> _WHAT TO DO_
With pictures omitted, restate the data word for word.

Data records
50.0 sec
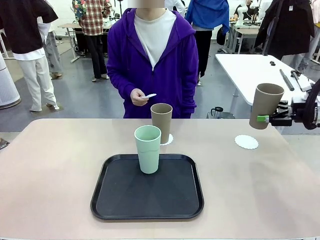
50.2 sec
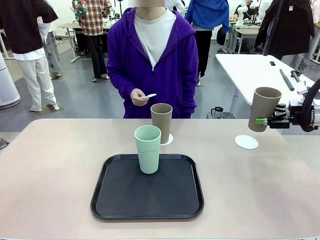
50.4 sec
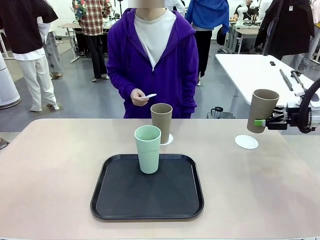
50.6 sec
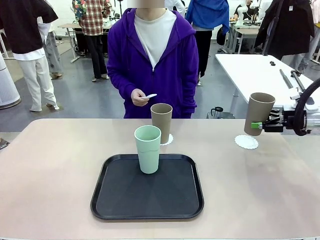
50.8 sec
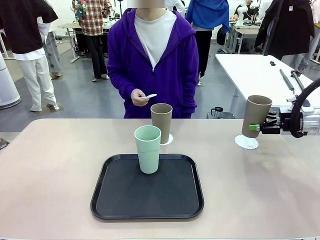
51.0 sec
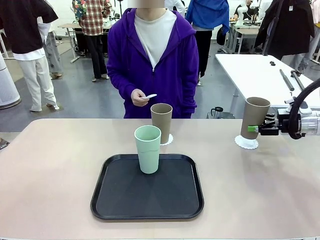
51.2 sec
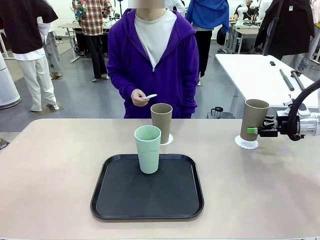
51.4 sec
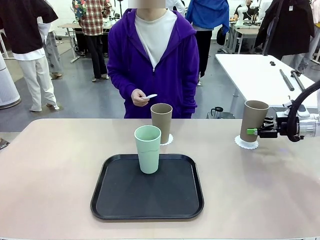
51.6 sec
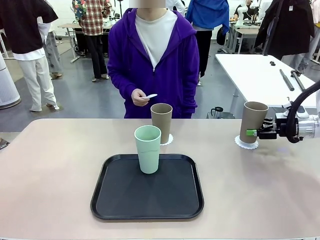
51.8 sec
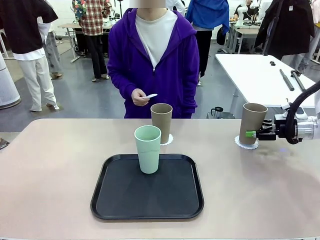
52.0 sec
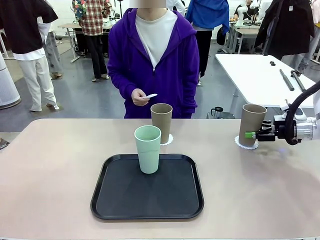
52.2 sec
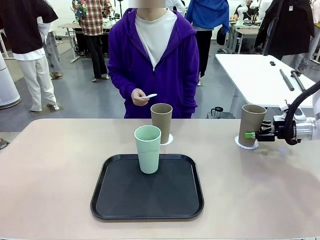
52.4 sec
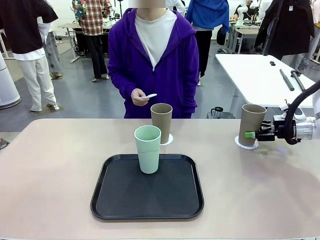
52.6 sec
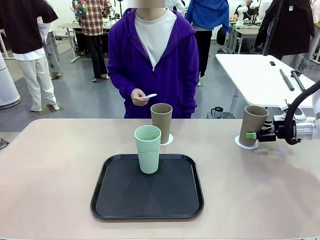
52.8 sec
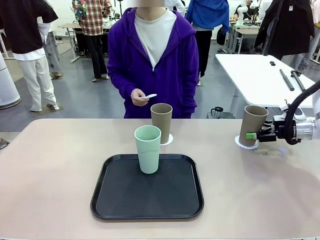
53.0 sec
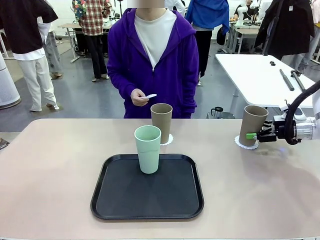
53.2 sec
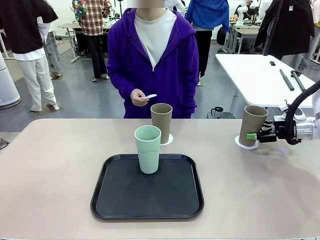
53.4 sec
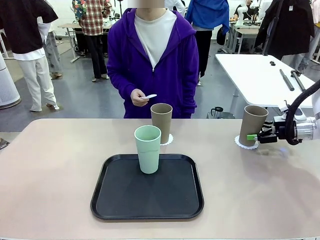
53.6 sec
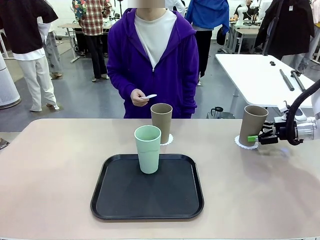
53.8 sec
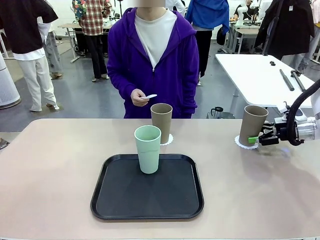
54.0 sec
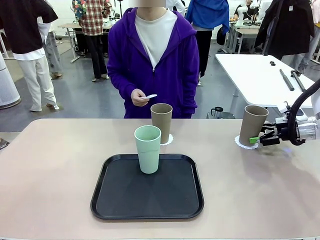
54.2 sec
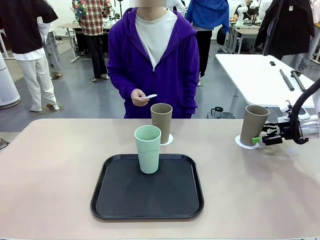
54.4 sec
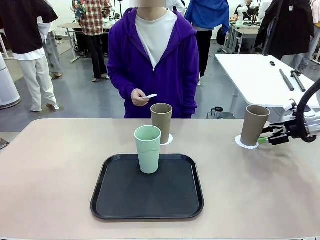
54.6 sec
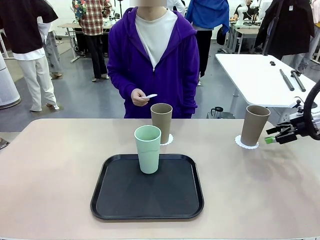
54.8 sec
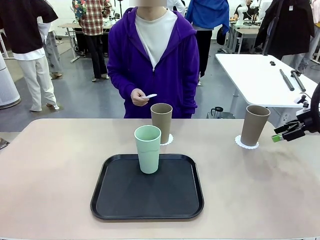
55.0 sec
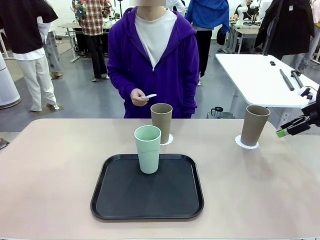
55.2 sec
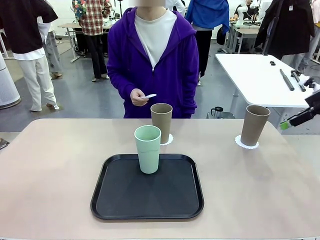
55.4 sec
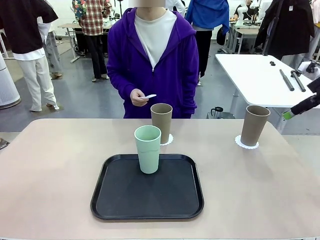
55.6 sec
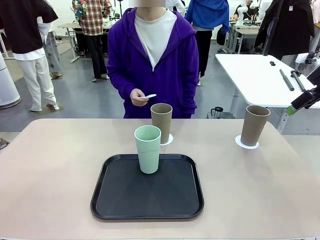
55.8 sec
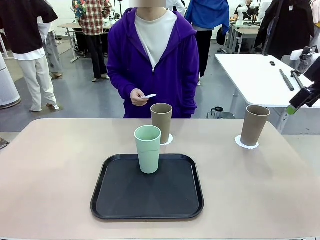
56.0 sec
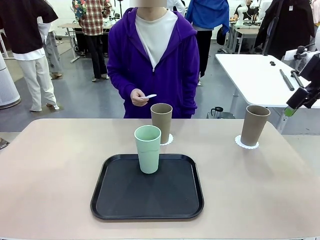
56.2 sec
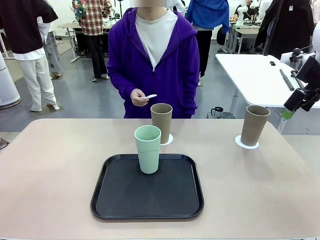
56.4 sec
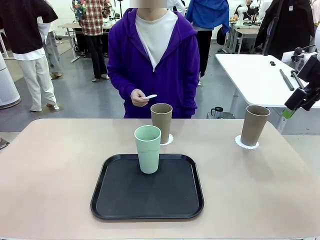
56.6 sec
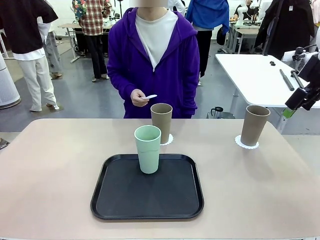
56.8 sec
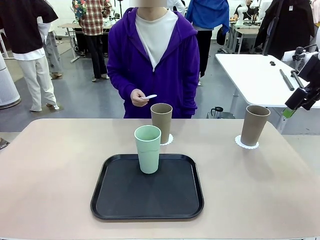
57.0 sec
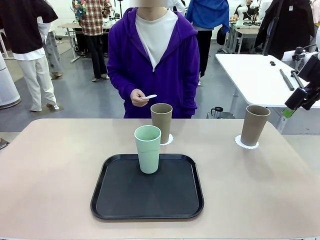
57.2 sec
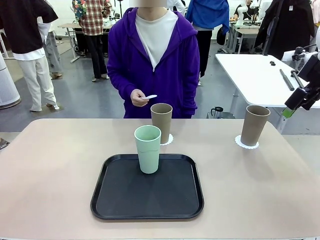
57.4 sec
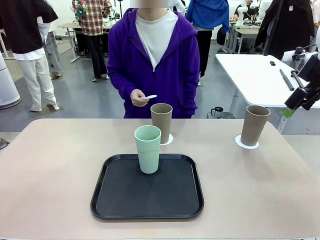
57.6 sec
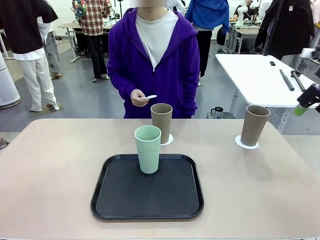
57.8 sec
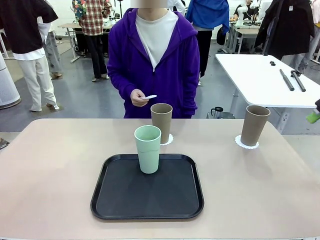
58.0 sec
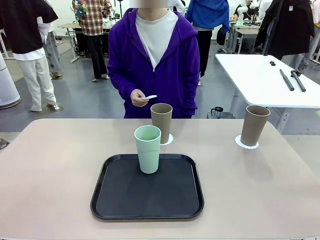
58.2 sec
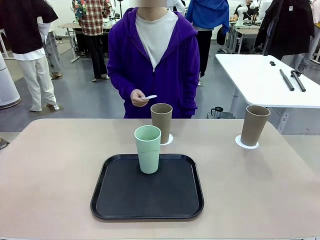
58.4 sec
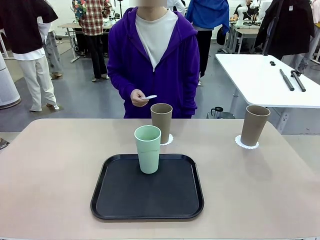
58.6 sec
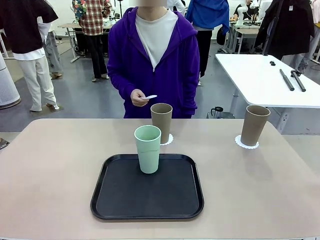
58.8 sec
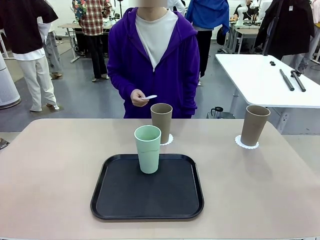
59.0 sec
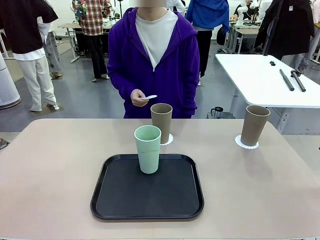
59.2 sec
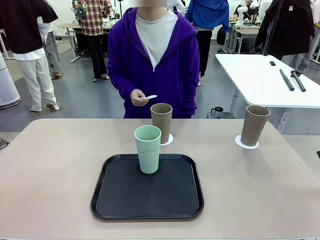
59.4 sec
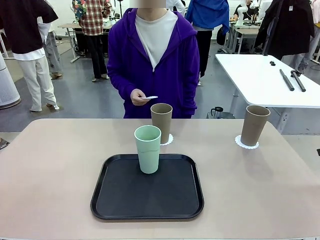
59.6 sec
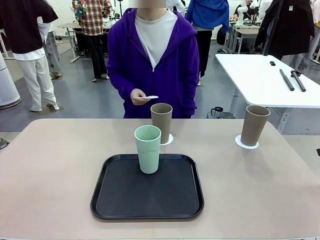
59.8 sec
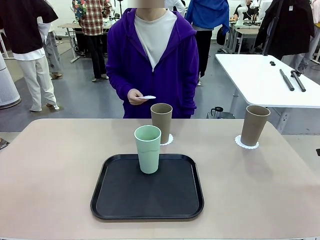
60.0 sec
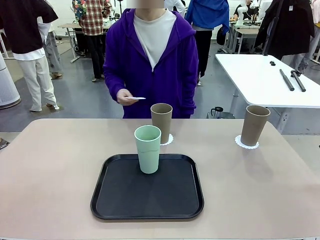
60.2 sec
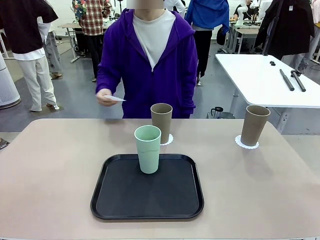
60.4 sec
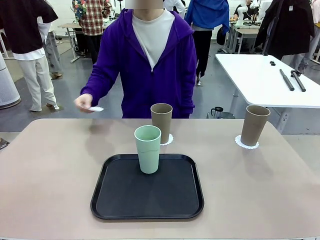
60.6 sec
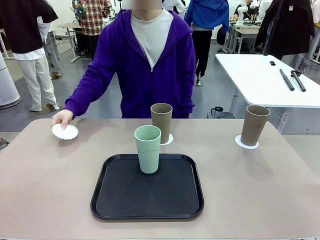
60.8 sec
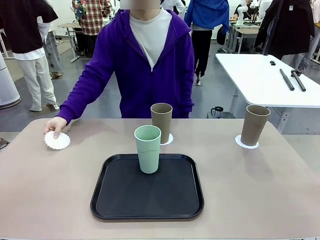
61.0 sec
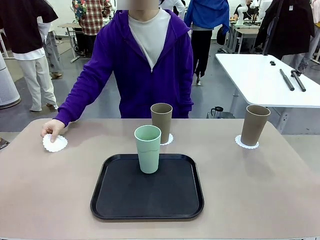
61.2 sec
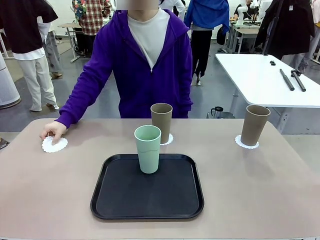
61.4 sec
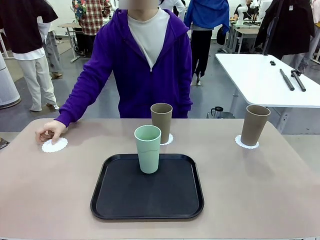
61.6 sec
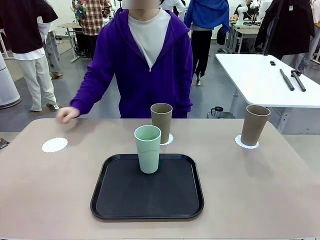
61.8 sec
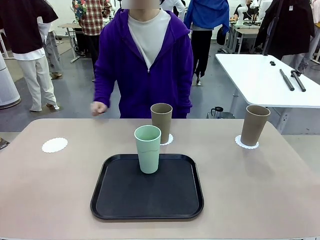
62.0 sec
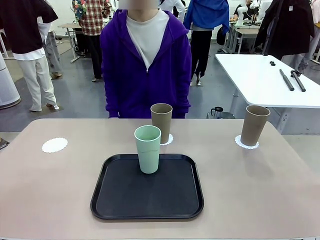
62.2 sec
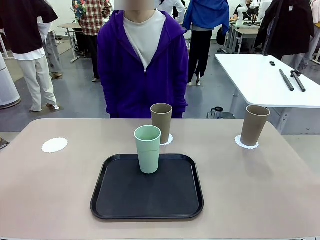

> _TASK OUTPUT_
50.0 sec
50.2 sec
50.4 sec
50.6 sec
50.8 sec
51.0 sec
51.2 sec
51.4 sec
51.6 sec
51.8 sec
52.0 sec
52.2 sec
52.4 sec
52.6 sec
52.8 sec
53.0 sec
53.2 sec
53.4 sec
53.6 sec
53.8 sec
54.0 sec
54.2 sec
54.4 sec
54.6 sec
54.8 sec
55.0 sec
55.2 sec
55.4 sec
55.6 sec
55.8 sec
56.0 sec
56.2 sec
56.4 sec
56.6 sec
56.8 sec
57.0 sec
57.2 sec
57.4 sec
57.6 sec
57.8 sec
58.0 sec
58.2 sec
58.4 sec
58.6 sec
58.8 sec
59.0 sec
59.2 sec
59.4 sec
59.6 sec
59.8 sec
60.0 sec
60.2 sec
60.4 sec
60.6 sec
60.8 sec
61.0 sec
61.2 sec
61.4 sec
61.6 sec
61.8 sec
62.0 sec
62.2 sec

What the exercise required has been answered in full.